But Christ has indeed been raised from the dead, the firstfruits of those who have fallen asleep. For since death came through a man, the resurrection of the dead comes also through a man. For as in Adam all die, so in Christ all will be made alive. But each in turn: Christ, the firstfruits; then, when he comes, those who belong to him. Then the end will come, when he hands over the kingdom to God the Father after he has destroyed all dominion, authority and power. For he must reign until he has put all his enemies under his feet. The last enemy to be destroyed is death. For he “has put everything under his feet.” Now when it says that “everything” has been put under him, it is clear that this does not include God himself, who put everything under Christ. When he has done this, then the Son himself will be made subject to him who put everything under him, so that God may be all in all.
1 Corinthians 15:20-28

When I was young, I was moved towards activism. I was moved towards doing mission. In my zeal I misunderstood or even disparaged more “worshipful” aspects of our spirituality such as contemplation, adoration, and prophetic acts.  At best, I used “quiet times” and “retreat days” as ways of stoking the fire for the “real work” of reaching people with the gospel or “building the church.” If I used the “up-in-out” triangle, my emphasis was on the “out.”

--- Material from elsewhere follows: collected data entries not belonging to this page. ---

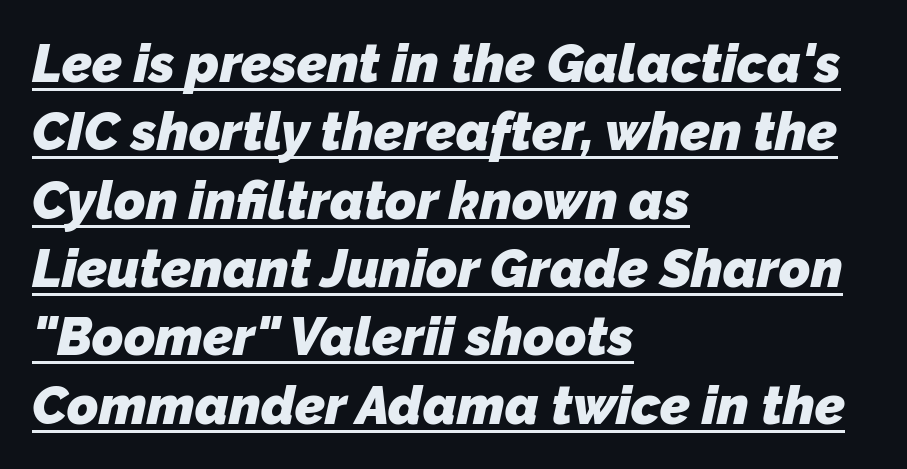
{"serif": "no", "bold": "yes", "weight": "heavy", "width": "normal", "stroke_contrast": "low", "x_height": "medium", "monospaced": "no", "underline": "yes", "align": "left", "line_spacing": "normal", "line_spacing_ratio": 1.29, "letter_spacing": "normal", "letter_spacing_em": 0.0, "glyph_px": 53}
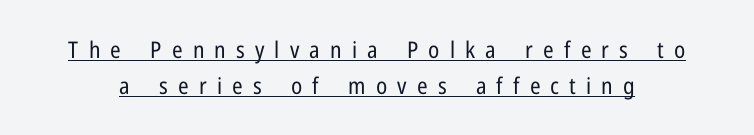
The designer left line spacing at the default. The horizontal fit of the characters is loose and conspicuously gappy. In designer terms, the underline attribute is active on this setting. The weight would be labelled regular, book, light, or lighter still.
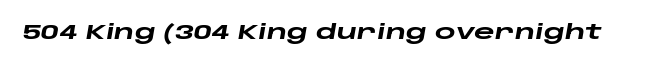
Nobody touched the tracking dial on this one. Bare-footed words on every line. The lettering tilts uniformly, giving the passage an italic look. These lines carry a lot of weight — the face is fully bold.
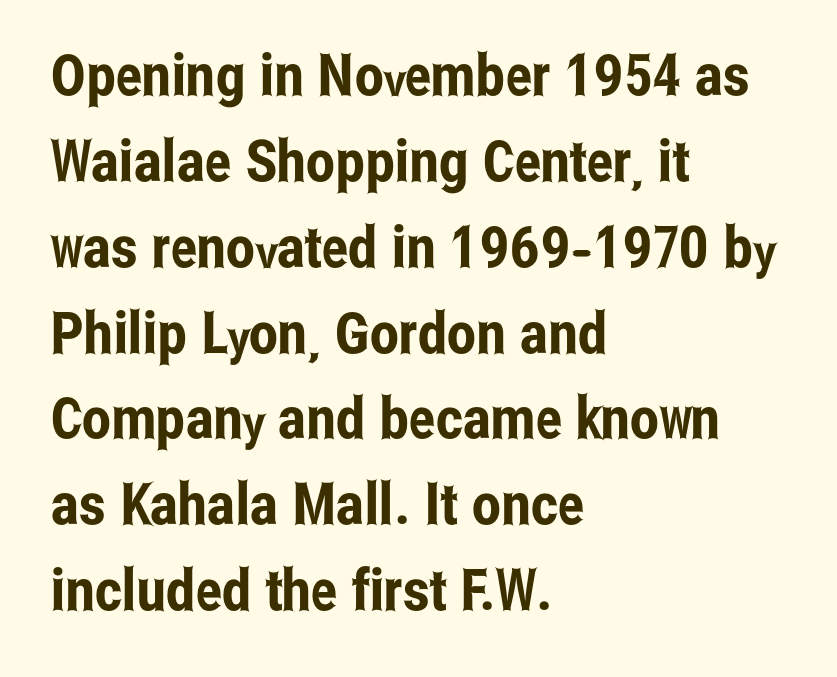
{"serif": "no", "italic": "no", "width": "condensed", "stroke_contrast": "low", "x_height": "medium", "monospaced": "no", "underline": "no", "align": "left", "line_spacing": "normal", "line_spacing_ratio": 1.48, "letter_spacing": "normal", "letter_spacing_em": 0.0, "glyph_px": 58}
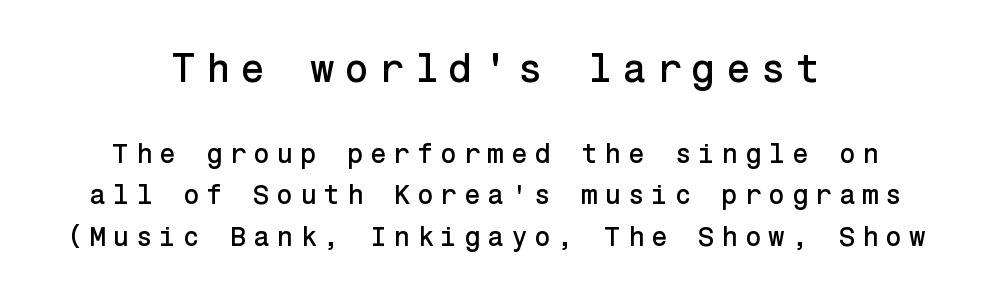
The image shows 40 px sans-serif type, upright; set centered, normal line spacing (1.54x), unusually wide letter spacing (+0.25 em), not underlined; the first (top) block is 1.48x larger; low stroke contrast and a medium x-height.
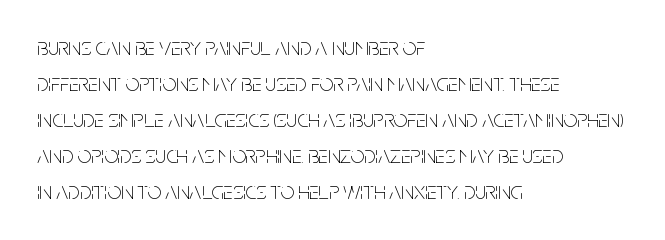
Q: Is the text bold? A: No.
Q: Is the text italic (slanted)? A: No, it is upright.
Q: Is the text underlined? A: No.
Q: How is the paragraph aligned? A: Left-aligned.
Q: Is the spacing between letters normal or unusually wide? A: Normal.
Q: Is the spacing between lines tight, normal or loose? A: Normal.
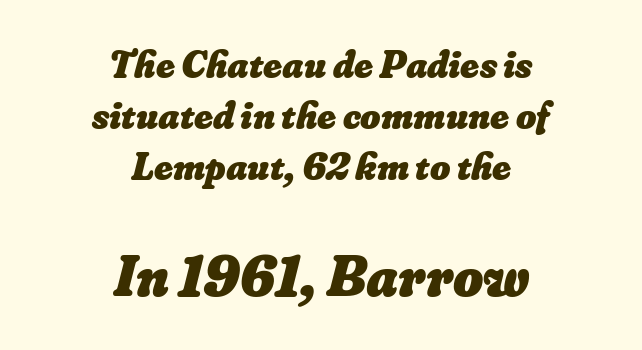
{"bold": "yes", "weight": "heavy", "width": "normal", "stroke_contrast": "low", "x_height": "small", "monospaced": "no", "underline": "no", "align": "center", "line_spacing": "normal", "line_spacing_ratio": 1.31, "letter_spacing": "normal", "letter_spacing_em": 0.0, "larger_block": "second", "size_ratio": 1.49, "glyph_px": 58}
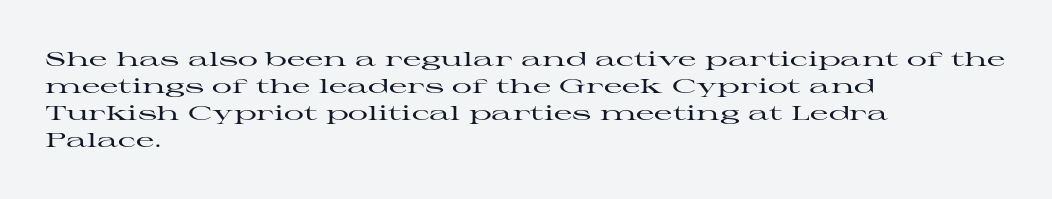
Q: Is the text italic (slanted)? A: No, it is upright.
Q: Is the text underlined? A: No.
Q: How is the paragraph aligned? A: Left-aligned.
Q: Is the spacing between letters normal or unusually wide? A: Normal.
Q: Is the spacing between lines tight, normal or loose? A: Normal.
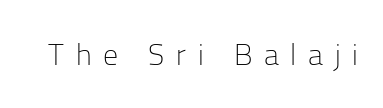
The image shows 30 px light sans-serif type, upright; set unusually wide letter spacing (+0.39 em), not underlined; low stroke contrast and a medium x-height.
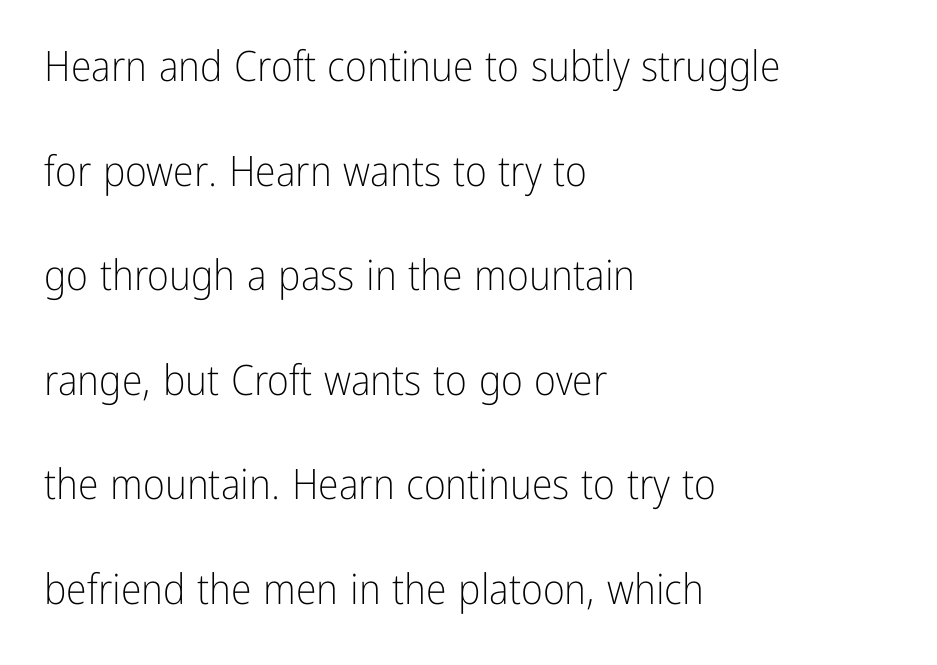
The image shows 42 px light, condensed sans-serif type, upright; set left-aligned, loose line spacing (2.49x), normal letter spacing, not underlined; low stroke contrast and a medium x-height.
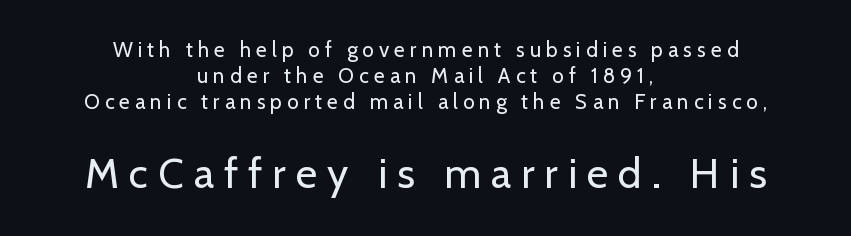
The lines in this sample share a center point and differ in where they start and stop. Look at the bottom of the vertical strokes: they stop flat, with no serifs. Between these two stacked blocks, the lower one wins on size. Each letter keeps its own natural width here, so spacing adapts to shape.
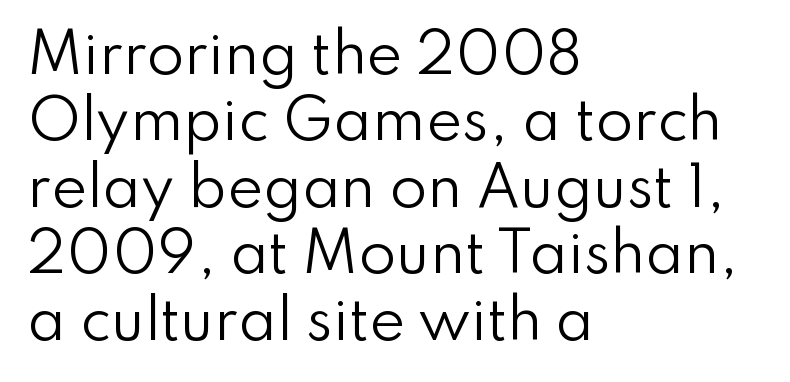
{"serif": "no", "italic": "no", "bold": "no", "weight": "regular", "width": "normal", "stroke_contrast": "low", "x_height": "small", "monospaced": "no", "underline": "no", "align": "left", "line_spacing_ratio": 1.23, "letter_spacing": "normal", "letter_spacing_em": 0.0, "glyph_px": 54}
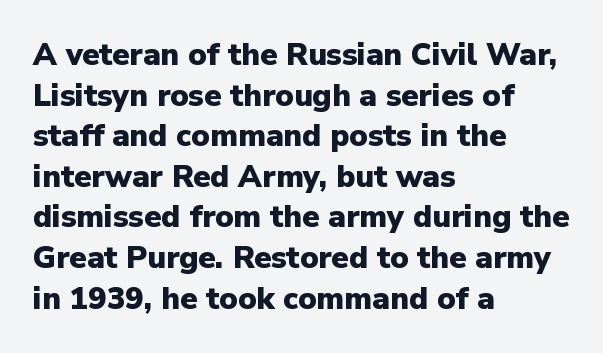
Does the leading feel generous? No, just average. Notice how thick the strokes are: this is what a full bold looks like. Font category for this specimen: sans-serif. The rag falls on the right side of this text block.
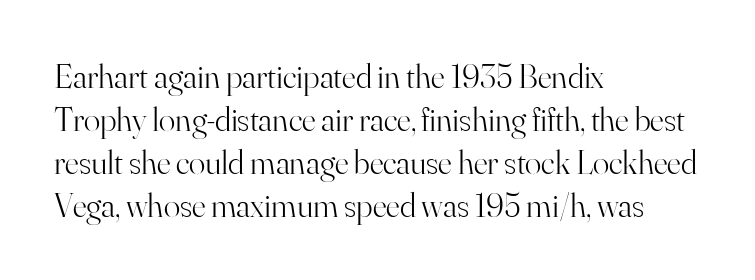
Q: Is the text bold? A: No.
Q: Is the text italic (slanted)? A: No, it is upright.
Q: Is the typeface a serif or a sans-serif typeface? A: Serif.
Q: Is the text underlined? A: No.
Q: How is the paragraph aligned? A: Left-aligned.
Q: Is the spacing between letters normal or unusually wide? A: Normal.
Q: Is the spacing between lines tight, normal or loose? A: Normal.
Q: Width (condensed, normal, or wide)? A: Normal.
Q: Stroke contrast? A: High.
Q: x-height? A: Small.
Q: Monospaced? A: No.
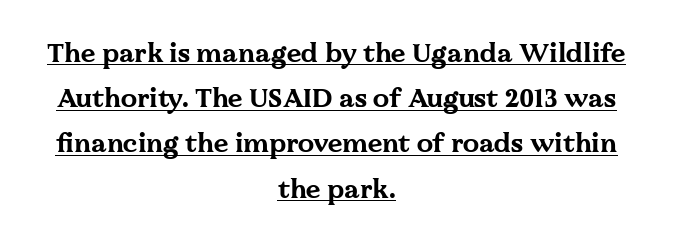
{"italic": "no", "bold": "yes", "underline": "yes", "align": "center", "line_spacing_ratio": 1.74, "letter_spacing": "normal", "letter_spacing_em": 0.0, "glyph_px": 26}
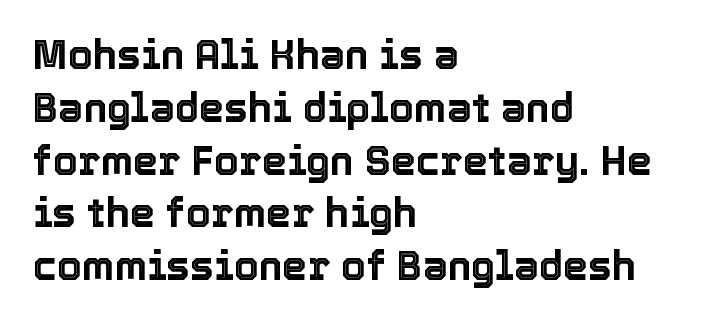
The space beneath each line is pristine and unruled. Regarding leading, the lines here are spaced in the standard way. Letter spacing: default. The letters stand upright; this is a roman face. Each line starts at the same left margin while the right side varies.
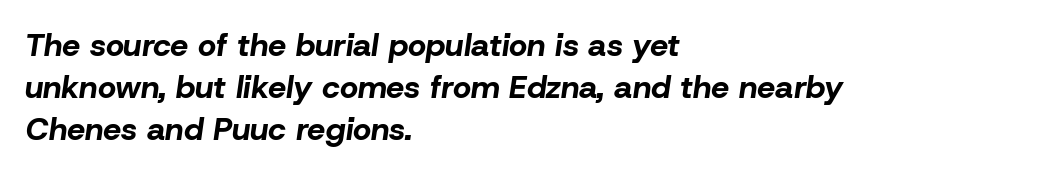
{"italic": "yes", "lean": "right", "slant_degrees": 8, "bold": "yes", "weight": "bold", "width": "normal", "stroke_contrast": "low", "x_height": "medium", "monospaced": "no", "underline": "no", "align": "left", "line_spacing": "normal", "line_spacing_ratio": 1.31, "letter_spacing": "normal", "letter_spacing_em": 0.0, "glyph_px": 32}
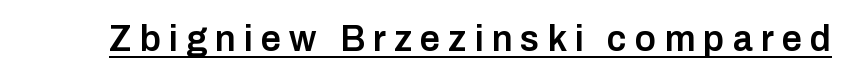
Q: Is the text bold? A: Semi-bold.
Q: Is the text italic (slanted)? A: No, it is upright.
Q: Is the typeface a serif or a sans-serif typeface? A: Sans-serif.
Q: Is the text underlined? A: Yes.
Q: Is the spacing between letters normal or unusually wide? A: Unusually wide.
Q: Width (condensed, normal, or wide)? A: Normal.
Q: Stroke contrast? A: Low.
Q: x-height? A: Medium.
Q: Monospaced? A: No.
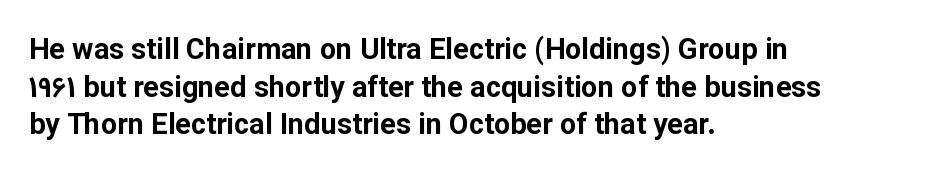
A typesetter would call this proportional, since set widths differ per character. Here the glyphs are tracked normally, forming tight word shapes. Pretty heavy lettering here — definitely bold. Each row of text sits above clean, open space. Nope, no serifs anywhere on these letters.
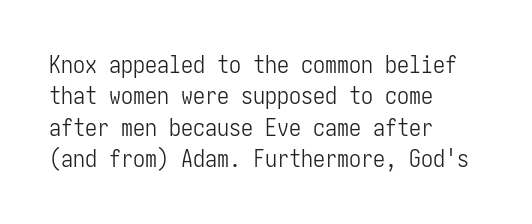
Q: Is the text bold? A: No.
Q: Is the text italic (slanted)? A: No, it is upright.
Q: Is the text underlined? A: No.
Q: How is the paragraph aligned? A: Left-aligned.
Q: Is the spacing between letters normal or unusually wide? A: Normal.
Q: Is the spacing between lines tight, normal or loose? A: Normal.
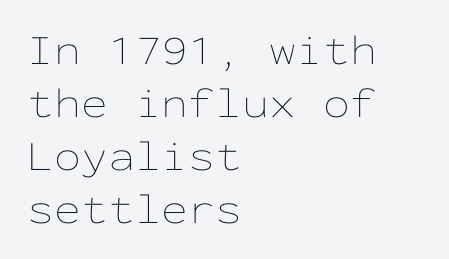
The image shows 43 px thin, wide type, upright, monospaced; set left-aligned, line spacing 1.23x, normal letter spacing, not underlined; low stroke contrast and a medium x-height.
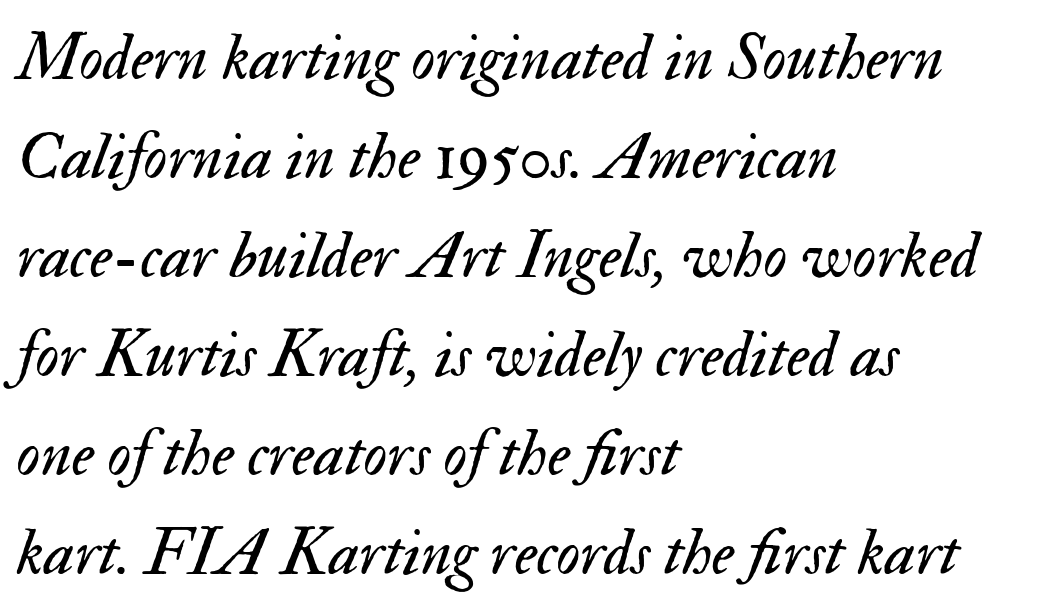
Q: Is the text bold? A: No.
Q: Is the text italic (slanted)? A: Yes, it leans right by about 17 degrees.
Q: Is the text underlined? A: No.
Q: How is the paragraph aligned? A: Left-aligned.
Q: Is the spacing between letters normal or unusually wide? A: Normal.
Q: Is the spacing between lines tight, normal or loose? A: Normal.
Q: Width (condensed, normal, or wide)? A: Normal.
Q: Stroke contrast? A: Medium.
Q: x-height? A: Small.
Q: Monospaced? A: No.
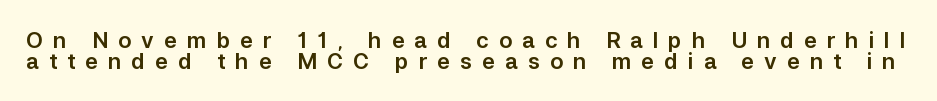
Vertical strokes here are truly vertical. In terms of leading, this rendering errs on the cramped side. You could only call the tracking loose — the letters float apart. This rendering features lettering with no underline.
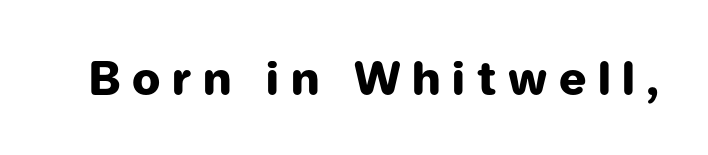
Students, note that the glyphs here are deliberately spaced far apart. The foot of each line stays bare and open. You can tell from the bare stems that sans-serif type was used. Plenty of ink on the page — the face is bold.
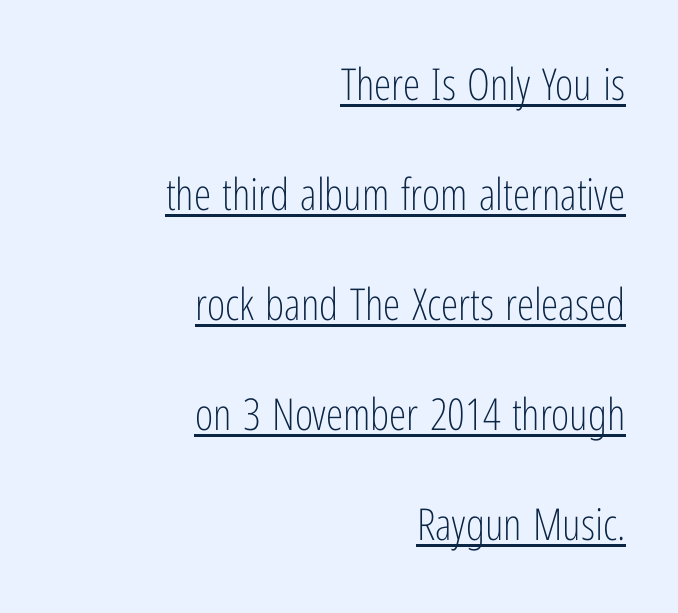
Q: Is the text bold? A: No.
Q: Is the text italic (slanted)? A: No, it is upright.
Q: Is the typeface a serif or a sans-serif typeface? A: Sans-serif.
Q: Is the text underlined? A: Yes.
Q: How is the paragraph aligned? A: Right-aligned.
Q: Is the spacing between letters normal or unusually wide? A: Normal.
Q: Is the spacing between lines tight, normal or loose? A: Loose.
Q: Width (condensed, normal, or wide)? A: Condensed.
Q: Stroke contrast? A: Low.
Q: x-height? A: Medium.
Q: Monospaced? A: No.

I was wrong. And I am not alone. The “up” must come first, because it is the heart of both the “in” and the “out.” Even now I run into situations where there is a false dichotomy between “worship” and “mission.” If there is a separation between doing the “work of God”, “drawing people to God”, and “adoring and worshipping God” then, frankly, we’re doing it wrong!

One of my greatest concerns for the contemporary Western church is our entrepreneuralism. When that speaks of innovation and focused pursuit of the gospel, I cheer it on. But sometimes it lapses into pragmatism, or even task-oriented rationalism, and, more often than we might care to realise, self-glorification. When we are at risk of asserting control for the sake of our own existence or empowerment, even as we pursue the five marks of mission, we risk losing the way of faith. We must return to worship, attuned to a King who will bring all things under the father at the end, by being a living sacrifice now, hallowing his name. That is the chief mark of mission – to glorify God.

We are encountering, more than we ever have, a growing number of people who are moved to worshipSometimes it is through prayer and intercession; they travail, literally groaning as they filled with the Spirit. Sometimes they adore, and rest, and exhibit the peace, sometimes ecstasy, of that very same Spirit. Sometimes they offer words of knowledge and wisdom, speaking prophetic truths that do what all prophetic truths do; they call us back to hallowed ground where Father’s name is all in all.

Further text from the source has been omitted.